**Problem details**
Find where "Presence check —" occurs in the data below, and retype that line and every later line exactly.

**Stored data entries**
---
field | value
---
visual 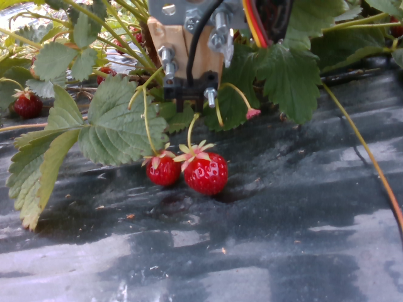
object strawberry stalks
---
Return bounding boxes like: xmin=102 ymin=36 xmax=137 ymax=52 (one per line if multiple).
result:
xmin=187 ymin=112 xmax=201 ymax=167
xmin=138 ymin=89 xmax=162 ymax=165
xmin=1 ymin=77 xmax=28 ymax=99
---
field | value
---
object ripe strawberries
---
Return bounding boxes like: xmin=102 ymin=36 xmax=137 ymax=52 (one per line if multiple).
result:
xmin=184 ymin=152 xmax=228 ymax=195
xmin=148 ymin=152 xmax=180 ymax=188
xmin=13 ymin=91 xmax=41 ymax=115
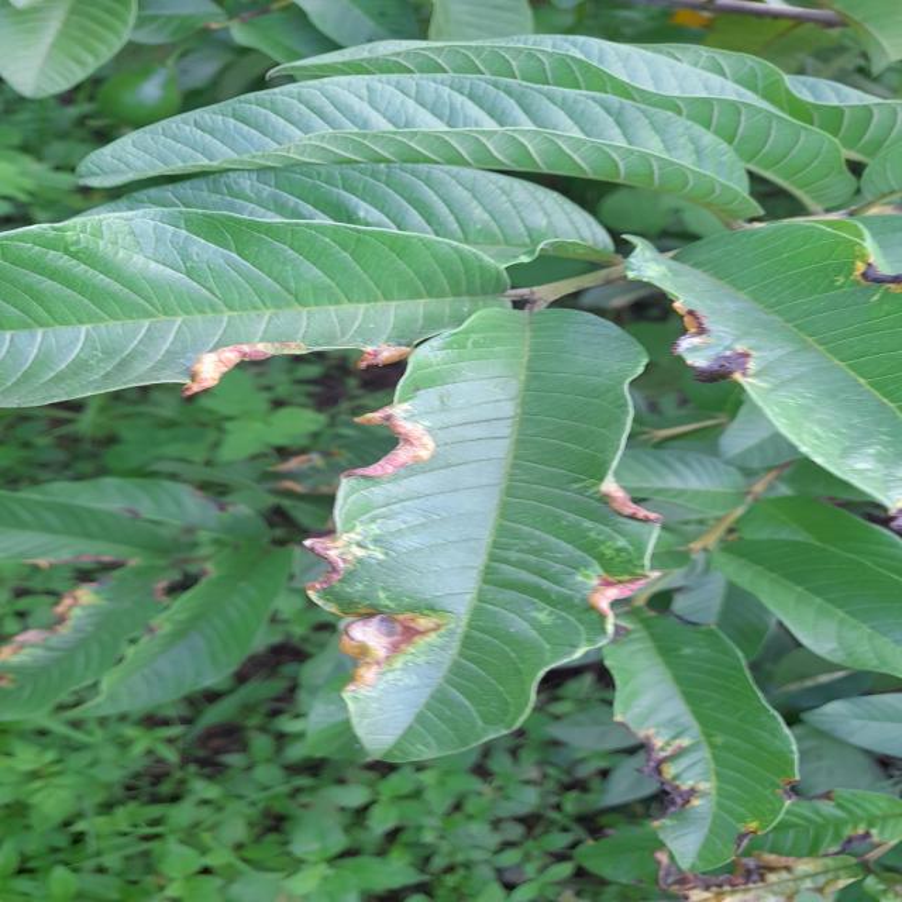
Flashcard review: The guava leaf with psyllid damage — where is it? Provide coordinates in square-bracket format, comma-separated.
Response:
[278, 282, 722, 786]
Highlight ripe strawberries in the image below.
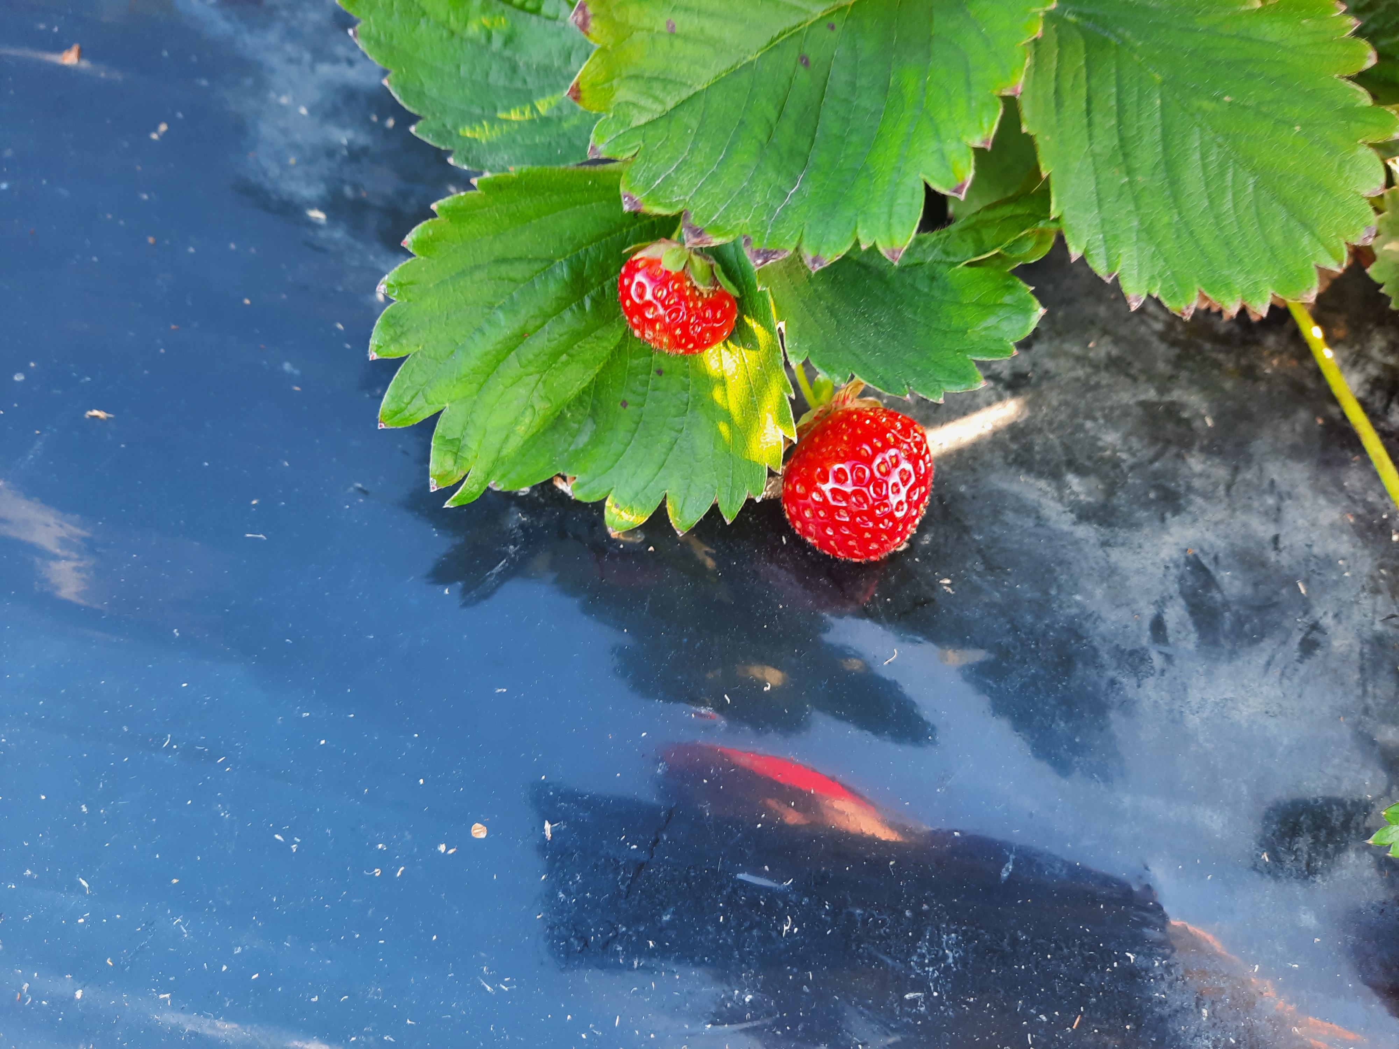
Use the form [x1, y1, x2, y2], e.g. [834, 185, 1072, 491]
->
[591, 251, 741, 354]
[783, 405, 939, 564]
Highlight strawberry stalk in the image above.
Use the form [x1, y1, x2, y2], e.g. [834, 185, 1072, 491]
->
[763, 296, 836, 438]
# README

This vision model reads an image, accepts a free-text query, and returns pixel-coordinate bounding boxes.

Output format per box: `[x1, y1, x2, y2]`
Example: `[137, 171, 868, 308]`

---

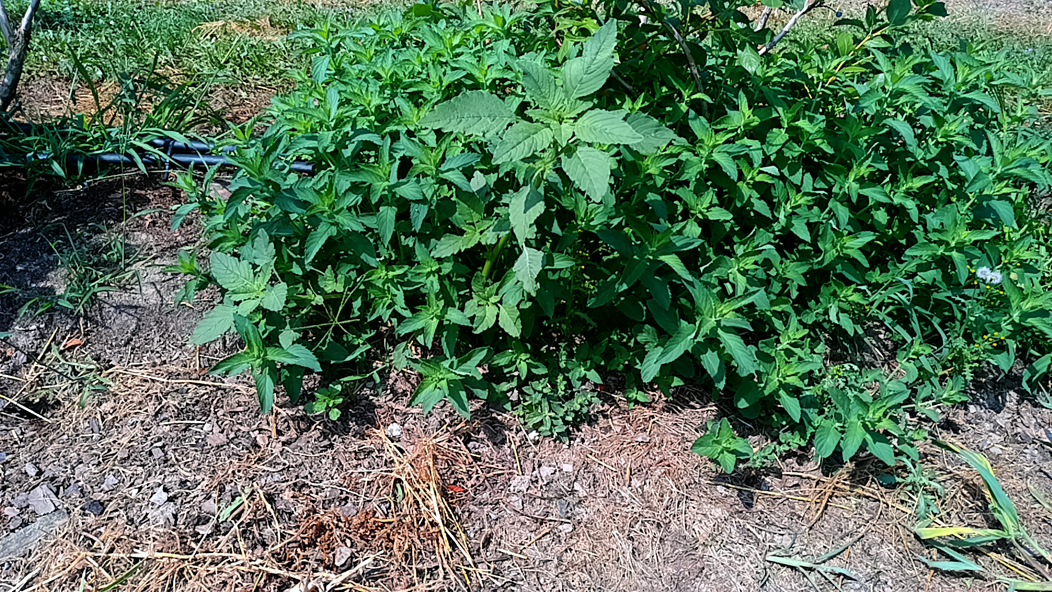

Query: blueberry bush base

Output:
[629, 10, 819, 152]
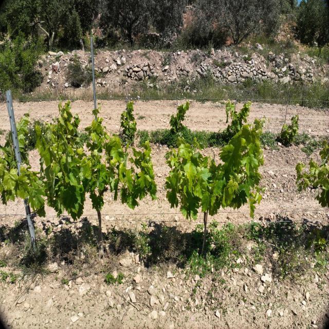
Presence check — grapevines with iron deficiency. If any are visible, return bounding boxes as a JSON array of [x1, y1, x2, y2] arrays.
[[0, 103, 158, 257], [161, 129, 268, 263]]

**Written response**
Presence check — grapevines with iron deficiency. If any are visible, return bounding boxes as a JSON array of [x1, y1, x2, y2] arrays.
[[0, 103, 158, 257], [161, 129, 268, 263]]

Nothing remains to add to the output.